BTW, HID gives around 3000 lumens so the Osrams are not far off.
Should work very well in your projectors.


----------



## impster (May 2, 2007)

Where can I buy these then? Can't find them online anywhere?

Thanks

Impster


----------



## rob3rto (May 23, 2007)

impster said:


> Where can I buy these then? Can't find them online anywhere?
> 
> Thanks
> 
> Impster


eBay # 110476571383


----------



## packard (Jun 8, 2009)

rob3rto said:


> The best lamps for your headlights are the Osram Hyper H7 ones (64217).
> 
> Std H7 = 1400-1500 lumens
> Philips Xtreme = 1500-1600 lumens
> ...


Do you know where the new Ring ones are that i mentioned earlier?


----------



## gt5500 (Aug 6, 2008)

Best lighting upgrade I did on my E39 was to rip out the crummy hella projectors and retro fit a pair of FX-R projectors in with Osram 4300k HID bulbs and matsush1ta ballasts. I did have a plug and play HID kit in the original projectors but its night and day with the FX-R's. Took a bit of work to get them fitted and almost £200 but the E39 halogen lights are so dire I was starting to hate the car.


----------



## rob3rto (May 23, 2007)

Dagnabit!

There IS a better lamp than the Osram Hyper H7.

It is the H7 HIR. 

Not an "instant" light like halogen gives as it uses internally reflected Infra Red to burn hotter. Takes a minute or two to get to its brightest. In tests, a set of these has outshon HID kits. Bit expensive though at around £20 per lamp. Will also need a fused and relayed wiring harness to power them direct from the battery as they need a full 14volts to work at their best OR a Catz Zeta ballast to really push them above a boosted 55watt HID kit.

Oh well, i'll have to wait until these burn out before buying yet another set of lamps.


----------



## Techgeek (Jun 7, 2007)

I have an a4 with the facelift projectors and was in exactly the same boat as you, I thought I was starting to go blind, I got a 50w 4300k hid kit and it's night and day. After fitting I taken it to an mot station to get the beams aligned, well worth a fiver IMO. Never been flashed, never been pulled and passed the MOT no problems whatsoever and no bulb fail warnings. if you look inside the housings you can see they spec both H7 and D2S on the same projector so the headlights are already designed for hid.

I had the same concerns about legality and my mot tester told me the washer rule applies to new cars but not to aftermarket modifications, if you want to be absolutely above board you can ask an mot tester for an engineers report regarding the conversion to give to your insurance company.

Dont go higher than 4300k as when you go up in colour temperature your actually going down in brightness.


----------



## impster (May 2, 2007)

Bump to this old thread - i need suggestions for a good simple to fit and reliable and 'legal-looking' HID kit for my Audi A4 1.9TDI year2000. It's the one with facelift h/lamps.

Dipped beam is really shockingly bad.

Thanks.

Impster


----------



## impster (May 2, 2007)

Having spoken to a few on some other forums, the recommendation is the 35w kits.
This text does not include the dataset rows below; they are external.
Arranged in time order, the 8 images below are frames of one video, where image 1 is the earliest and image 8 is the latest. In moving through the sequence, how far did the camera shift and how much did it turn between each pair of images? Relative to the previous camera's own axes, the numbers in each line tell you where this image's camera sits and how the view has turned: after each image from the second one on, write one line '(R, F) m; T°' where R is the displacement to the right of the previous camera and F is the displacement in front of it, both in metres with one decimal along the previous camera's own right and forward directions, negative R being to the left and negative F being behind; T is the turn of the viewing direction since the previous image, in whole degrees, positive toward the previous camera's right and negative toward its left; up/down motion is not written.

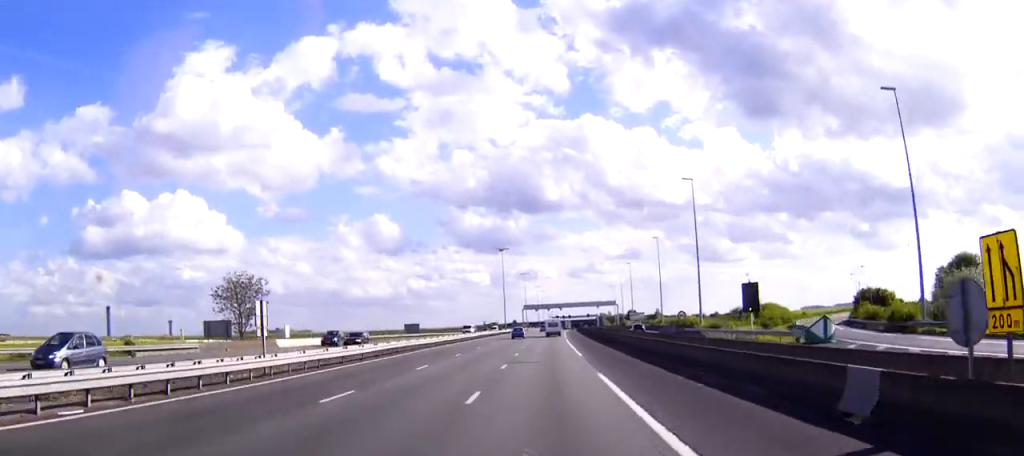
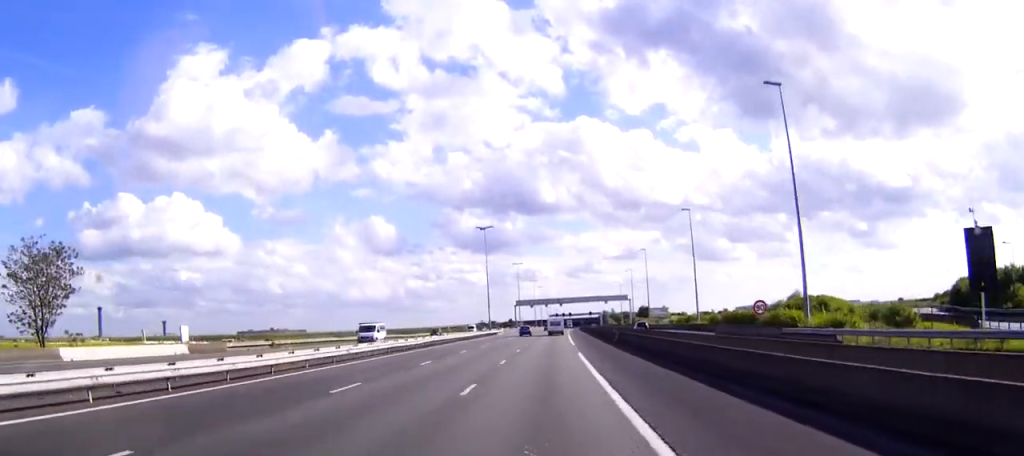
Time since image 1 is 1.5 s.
(+0.1, +37.4) m; 0°
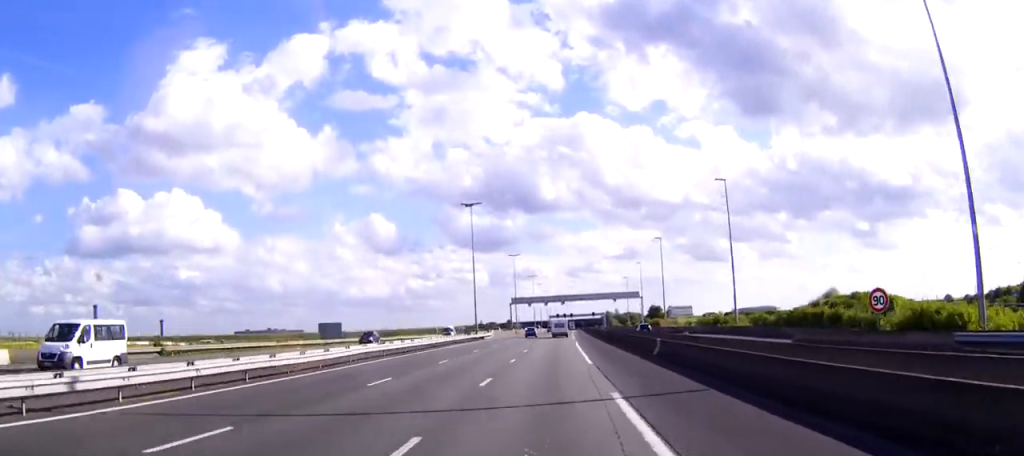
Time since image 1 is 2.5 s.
(0.0, +22.7) m; 0°
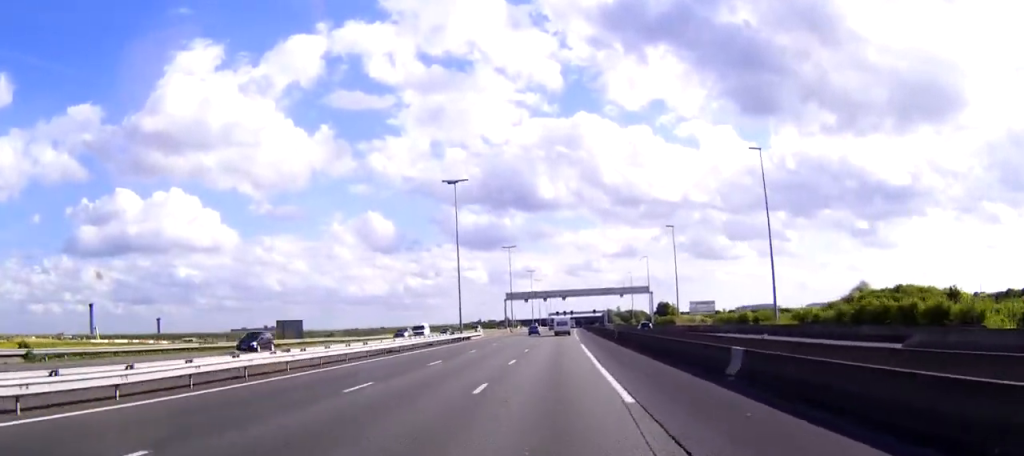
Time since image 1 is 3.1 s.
(0.0, +16.2) m; 0°
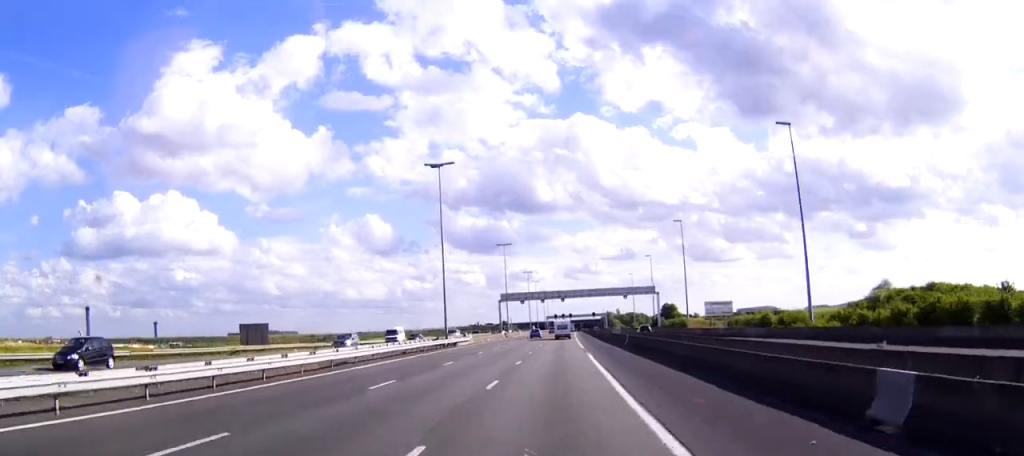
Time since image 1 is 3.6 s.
(0.0, +10.5) m; 0°
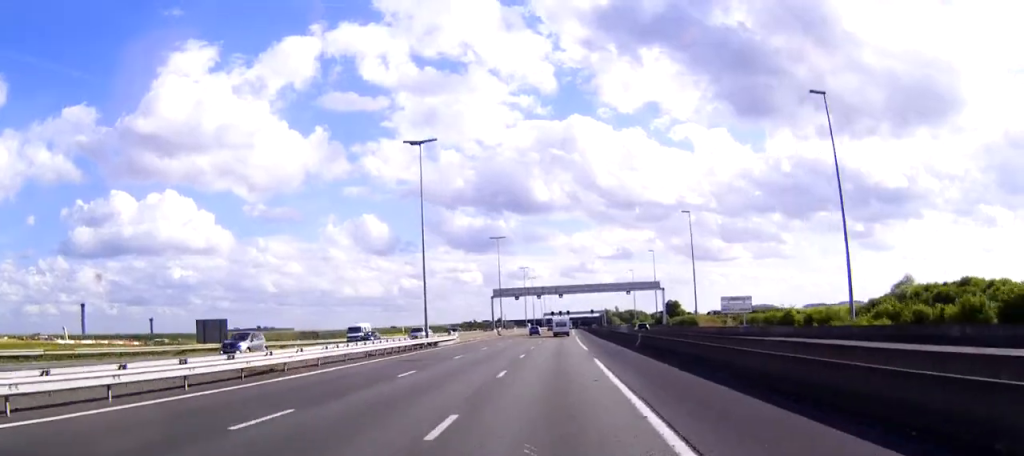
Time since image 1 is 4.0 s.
(0.0, +9.8) m; 0°
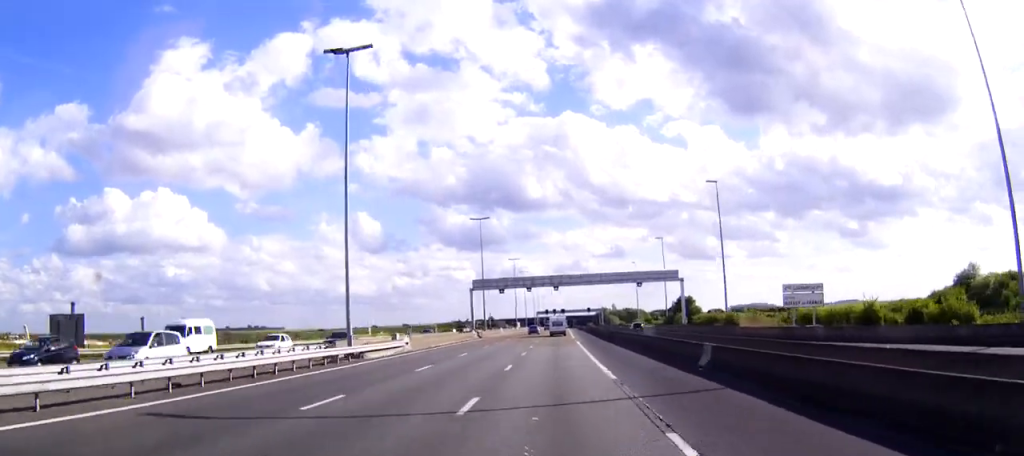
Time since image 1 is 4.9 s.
(+0.1, +22.8) m; +1°
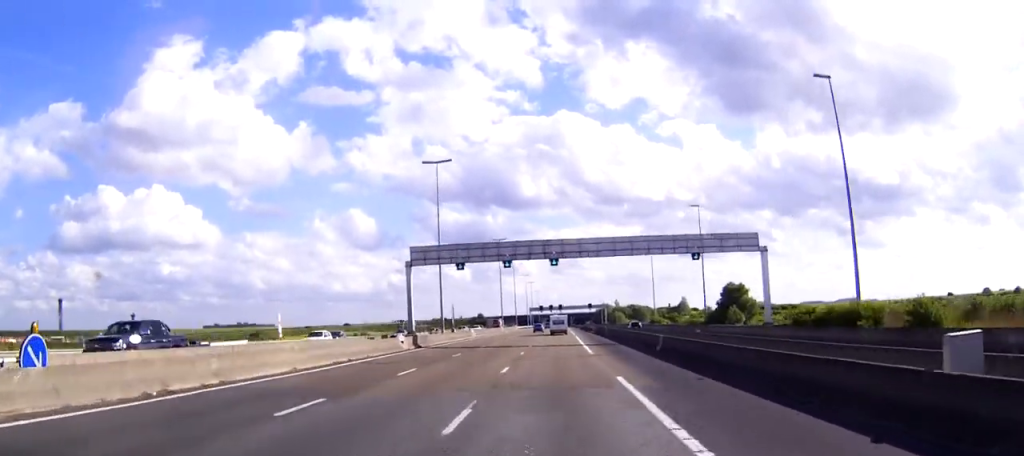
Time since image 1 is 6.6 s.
(+0.2, +41.0) m; 0°

I can get either of these kits to within a few quid of each other (discount codes are available for 'hids4u'.

Can any of the experts here tell me if there's any diference between the 2? Many thanks once again - i hope to pull the trigger on one of these later this evening.

Thanks!

http://www.hids-direct.co.uk/product_info.php?products_id=254{5}115{1}131

http://www.hids4u.co.uk/h7-35w-proplus-xenon-hid-conversion-kit.html


----------